Both electrical stimulation of MNTB axons and glutamate uncaging evoked PSCs in ∼60% of MOC neurons. The lack of MNTB–MOC responses in some experiments could be an artifact of severed input axons or MOC dendrites in slices, or it could indicate MNTB innervation of a subset of MOC neurons. Indeed, a survey of published MNTB neuron morphology reports suggests axon collaterals to the VNTB, but with a smaller innervation area than to other SOC nuclei (Morest, 1968; Kuwabara and Zook, 1991, 1992; Kuwabara et al., 1991; Banks and Smith, 1992; Smith et al., 1998). In addition, the latency to glutamate uncaging-evoked PSCs in MOC neurons was longer than the latency to action potentials evoked in MNTB neurons. The long latency could be due to disynaptic or gap junction-mediated activation involving an additional cell.

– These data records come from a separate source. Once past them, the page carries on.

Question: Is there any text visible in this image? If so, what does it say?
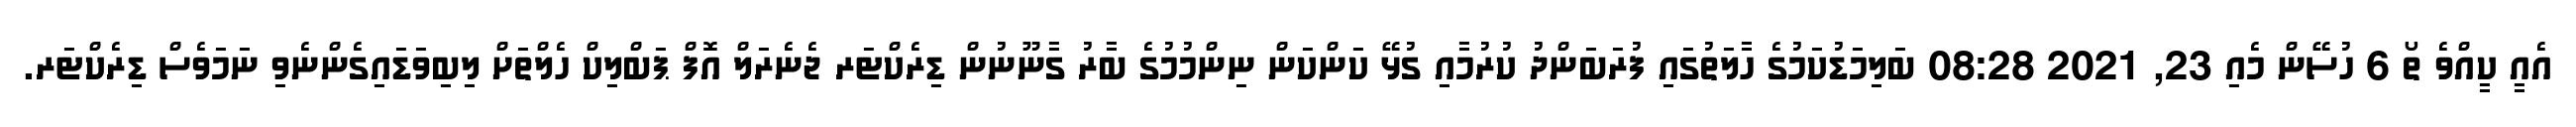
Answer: އެއީ ކީއްވެ ތޯ 6 ހުސޭން މެއި 23, 2021 08:28 ބަލިމަޑުކަމުގެ ހާލަތުގައި ފުރަބަންދު ކުރުމާއި ގުޅޭ ކަންކަން ނިންމުމުގެ ބާރު ގާނޫނުން ޑިރެކްޓަރ ޖެނެރަލް އޮފް ޕަބްލިކް ހެލްތަށް ލިބިވަޑައިގެންނެވި ނަމަވެސް ޑިރެކްޓަރ.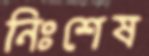
নিঃশেষ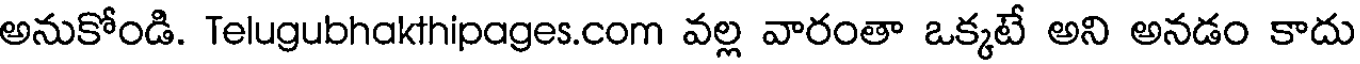
అనుకోండి. Telugubhakthipages.com వల్ల వారంతా ఒక్కటే అని అనడం కాదు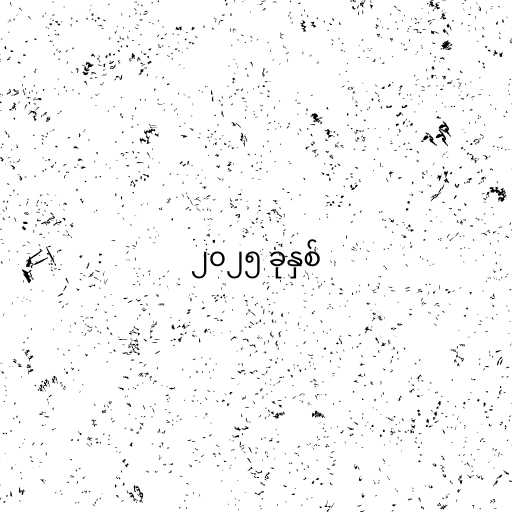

However, it is likely an artifact of the variable activation of MNTB neurons using glutamate uncaging, due to factors including MNTB neuron depth in the slice, with deeper MNTB somata being weakly activated due to light scattering, or asynchronous MNTB activation. The variable latency could also be due to occasional failures of action potential propagation into the axon collateral to the VNTB, as observed in other neurons (Deschênes and Landry, 1980; Debanne et al., 1997, 2011; Bucher and Goaillard, 2011). We also cannot exclude that electrical axon stimulation evokes inhibition from other cells. Inhibition does suppress MOC activity in our preparation and likely shapes MOC sound-driven activity. Perhaps in vivo, the high spontaneous rate of MNTB activity (Smith et al., 1998; Kopp-Scheinpflug et al., 2003) provides tonic inhibition of MOC neurons, which are rarely spontaneously active (Robertson and Gummer, 1985; Liberman and Brown, 1986; Brown, 1989). However, determination of the full spectrum of the effect of in vivo MNTB–MOC inhibition awaits additional experimentation.

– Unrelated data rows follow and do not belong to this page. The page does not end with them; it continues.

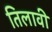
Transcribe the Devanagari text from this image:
तिलावी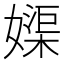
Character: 𡡥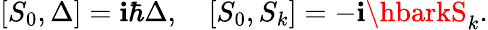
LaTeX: [S_{0},\Delta]=\mathbf{i}\hbar\Delta,\quad[S_{0},S_{k}]=-\mathbf{i}\hbarkS_{k}.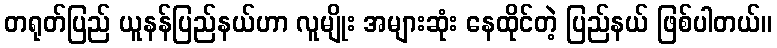
တရုတ်ပြည် ယူနန်ပြည်နယ်ဟာ လူမျိုး အများဆုံး နေထိုင်တဲ့ ပြည်နယ် ဖြစ်ပါတယ်။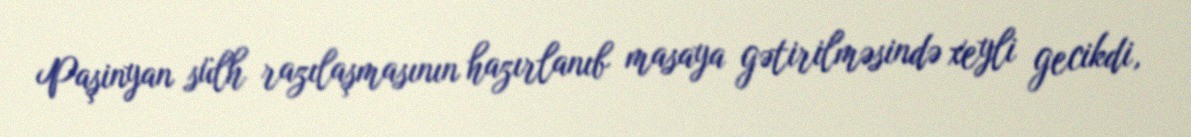
Paşinyan sülh razılaşmasının hazırlanıb masaya gətirilməsində xeyli gecikdi,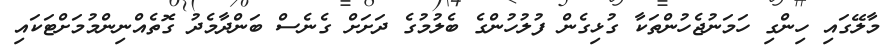
މާލޭގައި ހިންގި ހަމަނުޖެހުންތަކާ ގުޅިގެން ފުލުހުންގެ ބެލުމުގެ ދަށަށް ގެނެސް ބަންދާމެދު ގޮތެއްނިންމުމަށްޓަކައި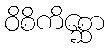
ဝိစိကိစ္ဆော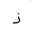
Letter: _thal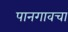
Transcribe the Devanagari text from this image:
पानगावचा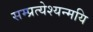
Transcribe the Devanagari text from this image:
सम्प्रत्येश्यन्मयि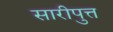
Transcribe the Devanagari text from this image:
सारीपुत्त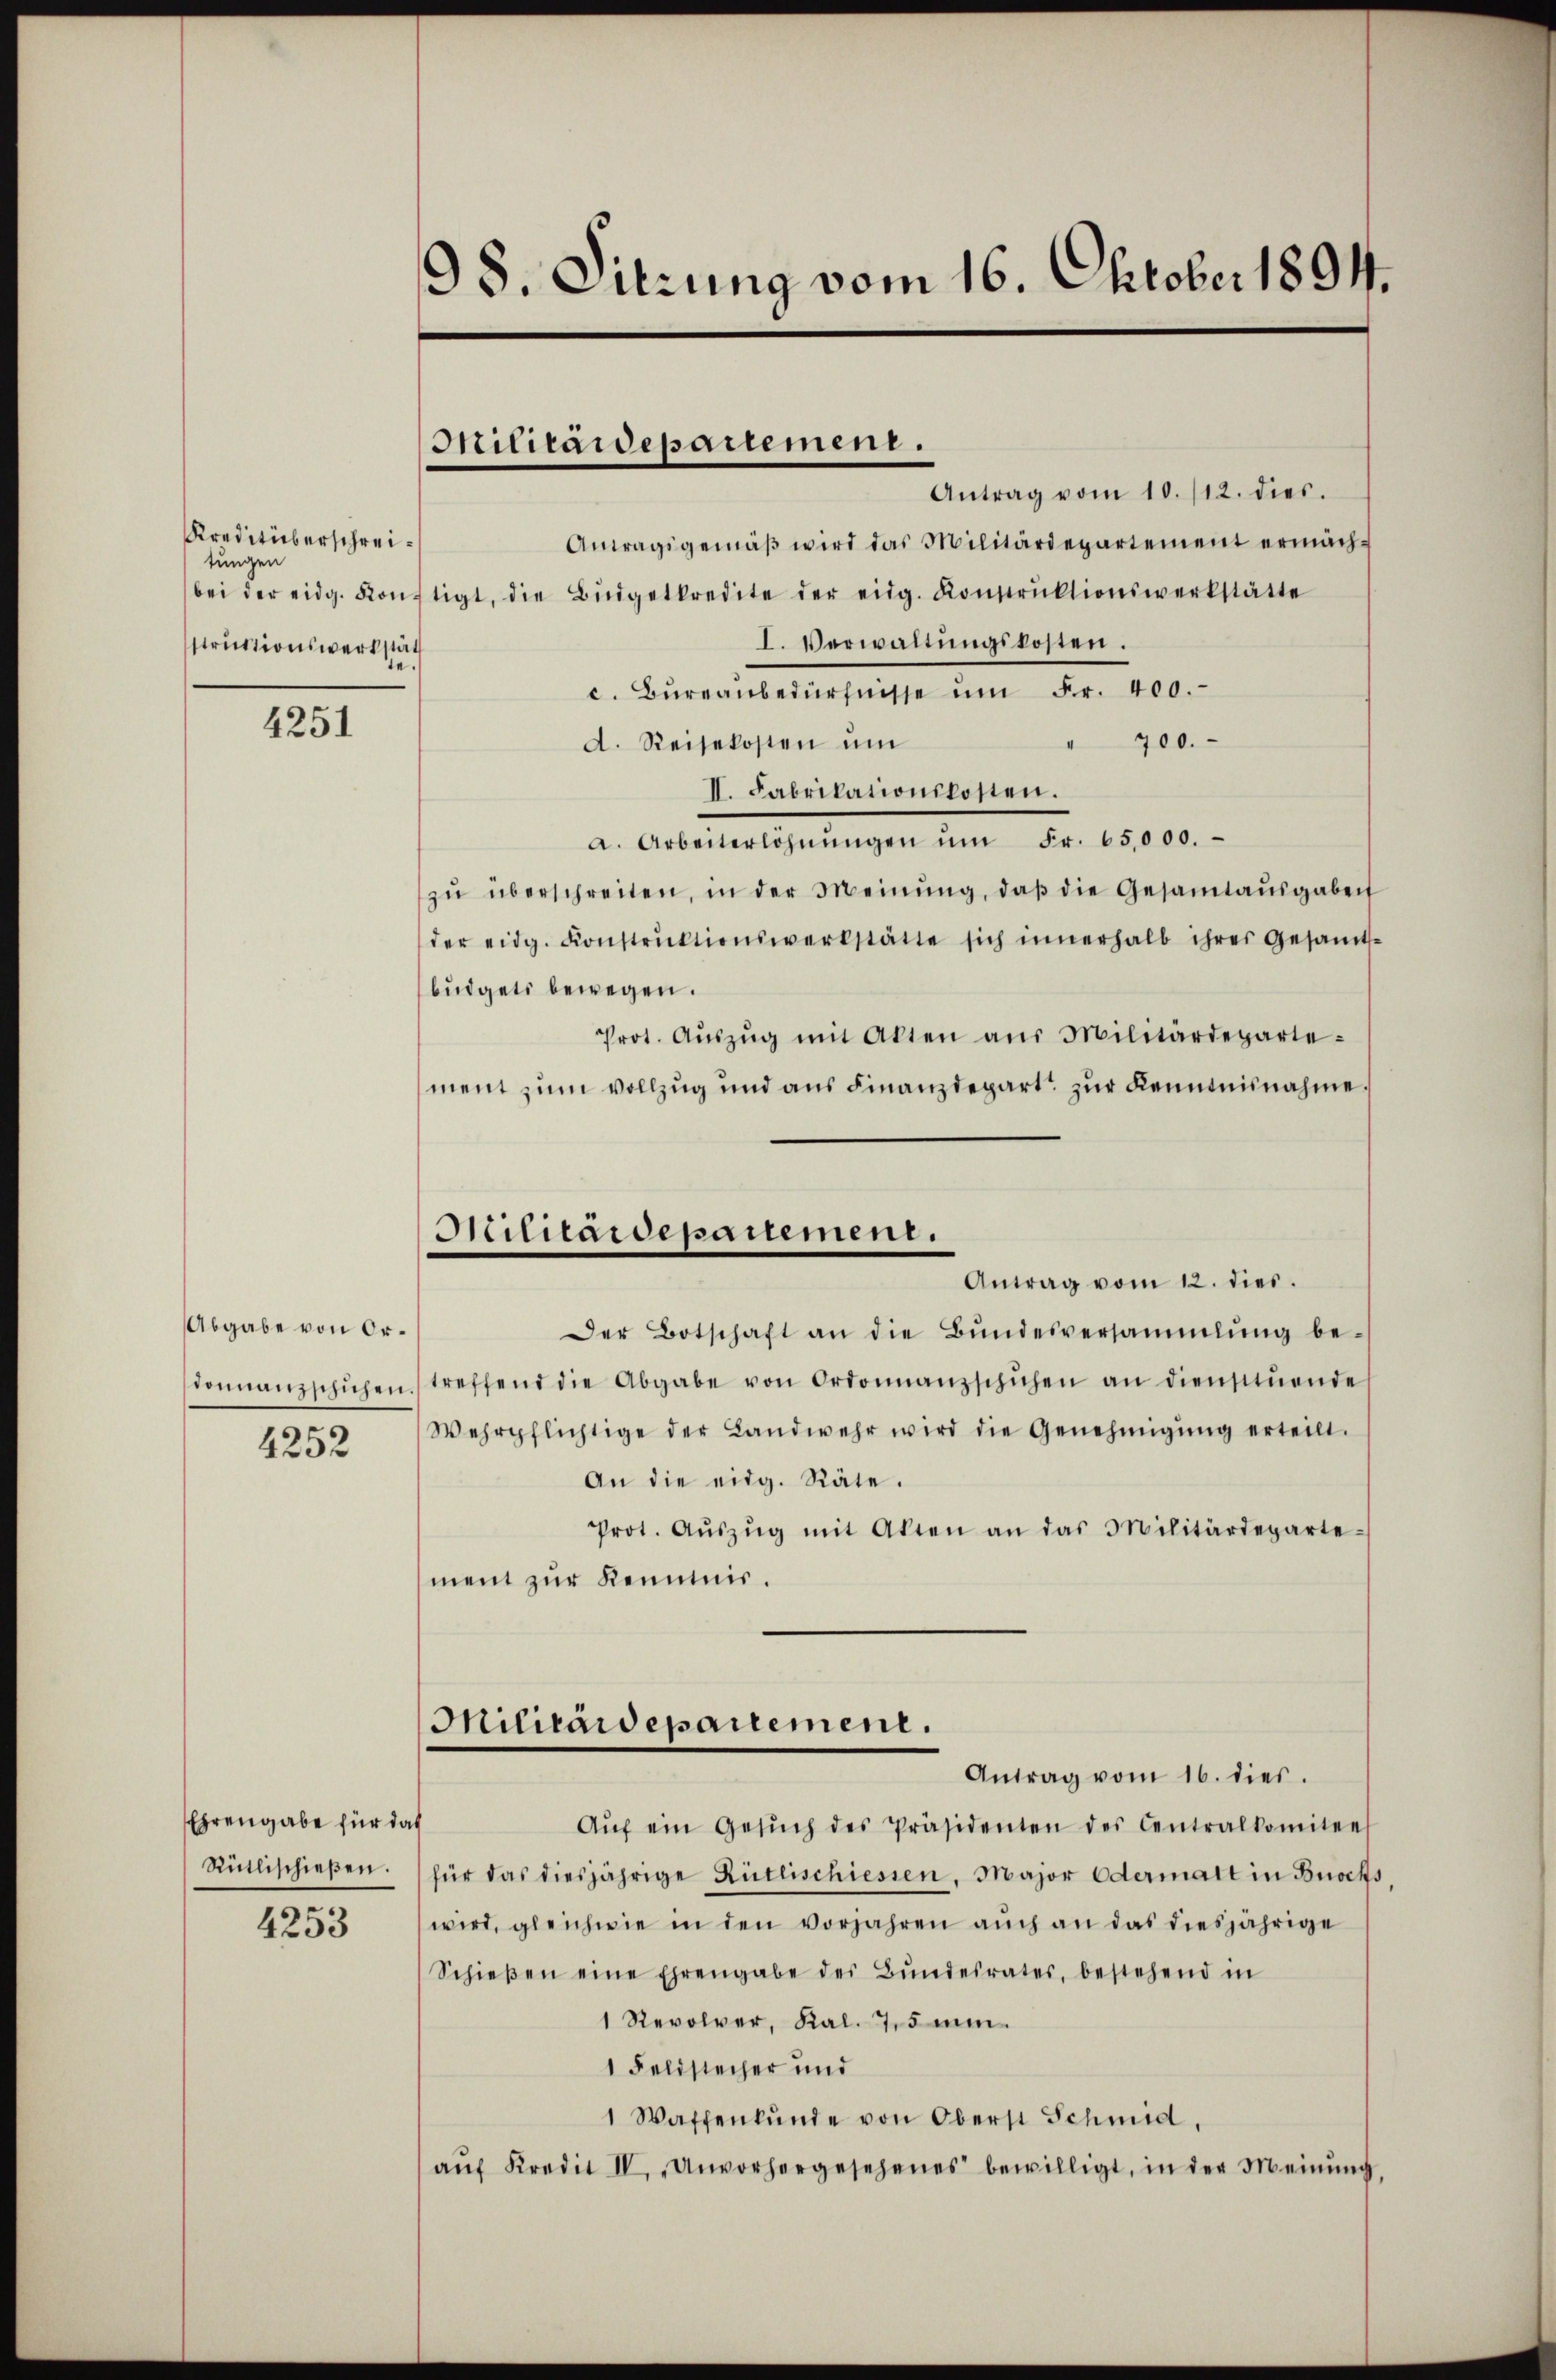
Kreditüberschreitungen
struktionswerkstät
te.

4251

Abgabe von Ortonnanzschichen
4252

Ehrengabe für das
Rütlischießen.

4253

98. Sitzung vom 16. Oktober 1894.

Antrag vom 10. /12. dies.
Antagsgemäβ wird das Militärdepartement ermäch-
bei der eidg. könftigt, die Büdgetkredite der eidg. Konstrŭktionswerkstätte
I. Verwaltŭngskosten.
c. Büreaŭbedürfnisse ŭm Fr. 400.
" 700.
d. Reisekosten ŭm
II. Fabrikationskosten.
a. Arbeiterlöhnŭngen ŭm Fr. 65,000.
zŭ überschreiten, in der Meinŭng, daβ die Gesamtaŭsgaben
der eidg. Konstrŭktionswerkstätte sich innerhalb ihrer Gesamt-
büdgets bewegen.
Prot. Aŭszŭg mit Akten aŭs Militärdeparte-
ment zum vollzug und aus Finanzdepart zur Kenntnisnahme.
Der Botschaft an die Bŭndesversammlung be-
treffend die Abgabe von Ordonnanzschuhen an dienstende
Wehrpflichtige der Landwehr wird die Genehmigŭng erteilt.
An die eidg. Räte.
Prot. Aŭszŭg mit Akten an das Militärdeparte-
ment zur Kenntnis.
Militärdepartement.
Antrag vom 16. dies.
Aŭf ein Gesŭch des Präsidenten des Centralkomitees
für das diesjährige Rütlischiessen. Major Odermatt in Buochs
wird, gleichwie in den vorjahren aŭch an das diesjährige
Schieβen eine Ehrengabe des Bŭndesrates, bestehend in
1 Revolver, Kal. 75 ni
1 Feldstecher und
1 Waffenkunde von Oberst Schmid,
aŭf Kredit II, „Unvorhergesehenes bewilligt, in der Meinŭng,

Miticaidepartemen.

Scilitärdepartement.
Antrag vom 12. dies.

Effect of MNTB inhibition of MOC neurons on cochlear responses

MOC neuron cochlear activity in mature animals is determined by action potentials that propagate along the axon to synapses onto OHCs (Spoendlin, 1969; Warr and Guinan, 1979; Mountain, 1980; Siegel and Kim, 1982; Brown, 1987; Maison et al., 2003). The specialized OHC feature of electromotility is implicated in lowering auditory thresholds at characteristic frequencies and sharpening tuning curves, improving signal detection (Brownell et al., 1985; Evans and Dallos, 1993). By hyperpolarizing OHCs via cholinergic receptor activation of potassium channels to suppress OHC function (Elgoyhen et al., 1994, 2001; Dulon et al., 1998; Vetter et al., 1999; Glowatzki and Fuchs, 2000; Oliver et al., 2000; Weisstaub et al., 2002; Nie et al., 2004; Goutman et al., 2005; Wersinger et al., 2010), direct electrical activation of MOC axons raises auditory thresholds, reduces auditory nerve action potential rates, suppresses otoacoustic emissions, and broadens auditory nerve tuning curves (Galambos, 1956; Fex, 1962b; Wiederhold and Kiang, 1970; Mountain, 1980; Siegel and Kim, 1982; Art et al., 1985). Direct electrical MOC activation evoked the largest auditory nerve compound action potential “level shifts” at high stimulation rates of 200–400 Hz (Galambos, 1956; Guinan and Gifford, 1988; Guinan, 1996). However, sound-driven action potential rates in vivo in MOC axons have not been measured above 120 Hz, with an average rate of ∼50 Hz (Robertson and Gummer, 1985; Liberman and Brown, 1986; Brown, 1989), and there is a linear relationship between MOC action potential rates and cochlear suppression of auditory nerve activity up to ∼100 Hz of MOC spiking (Galambos, 1956; Guinan and Gifford, 1988; Ballestero et al., 2011). T-stellate neurons have higher maximum action potential rates in response to sound compared with MOC neurons, implicating a mechanism that prevents 1:1 correspondence between T-stellate and MOC action potential rates and prevents MOC neurons from spiking at their maximal effective rate during intermediate sound intensities. The efficacy of the synaptic transfer of T-stellate to MOC neurons is unknown and is possibly reduced by presynaptic mechanisms. However, MNTB inhibition of the MOC is another potential mechanism of limiting MOC neuron activation, to reduce MOC action potential rates to within the linear range of their cochlear activity and also to delay cochlear activity.